Tak to hrabia, orientując się nieco późno, dolewał sporo żółci do zbyt pochopnego daru. Poczuł to ksiądz i starał się czym prędzej zamknąć sprawę, dziękując za dar tak królewski, który stawia pismo na trwałych i szerokich podstawach. W następnym numerze „Dzwonka” znajdzie się najwdzięczniejsze pokwitowanie…
A wobec przerażonych oczu hrabiego łagodził czym prędzej:
– Niby dla uczczenia pamięci… na zlecenie nieboszczki hrabiny matki.
– Właściwie… – (hrabia stawał się nerwowy). – To już lepiej na imię nieboszczki ciotki. O, tak! świętej pamięci Moniki.
– Nasz związek nie omieszka w dniu świętej patronki prosić na mszę zaduszną – rzekł ksiądz, chyląc głowę.

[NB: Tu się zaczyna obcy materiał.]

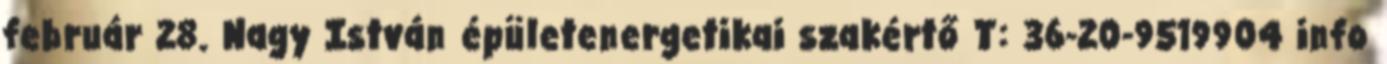
február 28. Nagy István épületenergetikai szakértő T: 36-20-9519904 info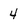
Character: 4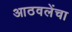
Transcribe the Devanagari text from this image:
आठवलेंचा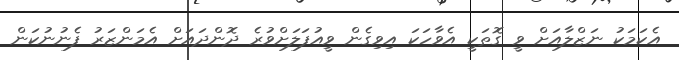
އެކަމަކު ނަޒްލާއަށް ވީ ގޮތަކީ އެވާހަކަ އިވިގެން ވީއުފަލަށްވުރެ ދޮންދައަށް އެމަންޒަރު ފެނުނުކަން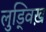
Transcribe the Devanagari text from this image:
लुड्विख़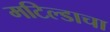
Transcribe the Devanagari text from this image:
मटिल्डाचा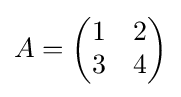
A={\begin{pmatrix}1&2\\3&4\end{pmatrix}}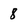
Character: 8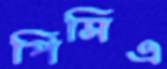
পিসিএ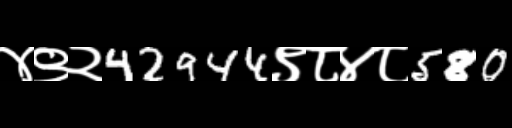
Text: ४९२42944९८४८580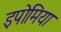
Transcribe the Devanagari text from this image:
इपोमिया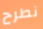
نطرح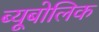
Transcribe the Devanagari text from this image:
ब्यूबोलिक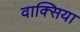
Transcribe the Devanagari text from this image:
वाक्सिया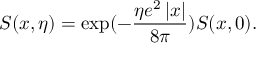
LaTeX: S ( x , \eta ) = \exp ( - \frac { \eta e ^ { 2 } \left| x \right| } { 8 \pi } ) S ( x , 0 ) .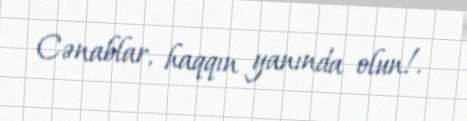
Cənablar, haqqın yanında olun!.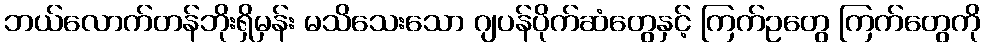
ဘယ်လောက်တန်ဘိုးရှိမှန်း မသိသေးသော ဂျပန်ပိုက်ဆံတွေနှင့် ကြက်ဥတွေ ကြက်တွေကို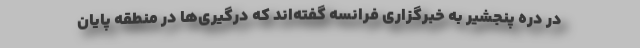
در دره پنجشیر به خبرگزاری فرانسه گفته‌اند که درگیری‌ها در منطقه پایان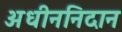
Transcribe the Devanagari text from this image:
अधीननिदान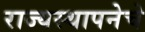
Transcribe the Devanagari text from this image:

I drobnym krokiem ruszył ku drzwiom gabinetu. Tknięty po drodze jakby inną myślą, odbił się wzniesionymi nieco dłońmi o warstwę powietrza, wejrzał ku górze, złośliwy uśmiech szerokich ust zwrócił na drzwi, zza których dolatywał gwar męski – i cofnął się.
– Raz jeszcze dziękuję w imieniu moich tercjarzy! – rzekł podając rękę doskonale krągłym gestem światowego człowieka. A gdy mu dłoń ściskano, wtulił się w ramiona i pochylił postać długą, jak osoba duchowna.
– Ależ to ja, księże kanoniku, dziękować winienem – odparł hrabia najpoprawniej. Był na tyle uprzejmym, że zechciał zakończyć rozmowę akcentem towarzyskim, aby zatrzeć wzajemne może niesmaki po tych nudnych sprawach pieniężnych.
Mówił tedy:
– Nasz gospodarz jest w zachowaniu się, w atitiudach37, w sposobie ujęcia sprawy i wytrwałości całkowicie ministrable38… Aa – zupełnie ministrable!
Ksiądz zwrócił się tym razem ku przysłoniętym wciąż jeszcze drzwiom do salonu i wślizgnął się giętki za ich portierę.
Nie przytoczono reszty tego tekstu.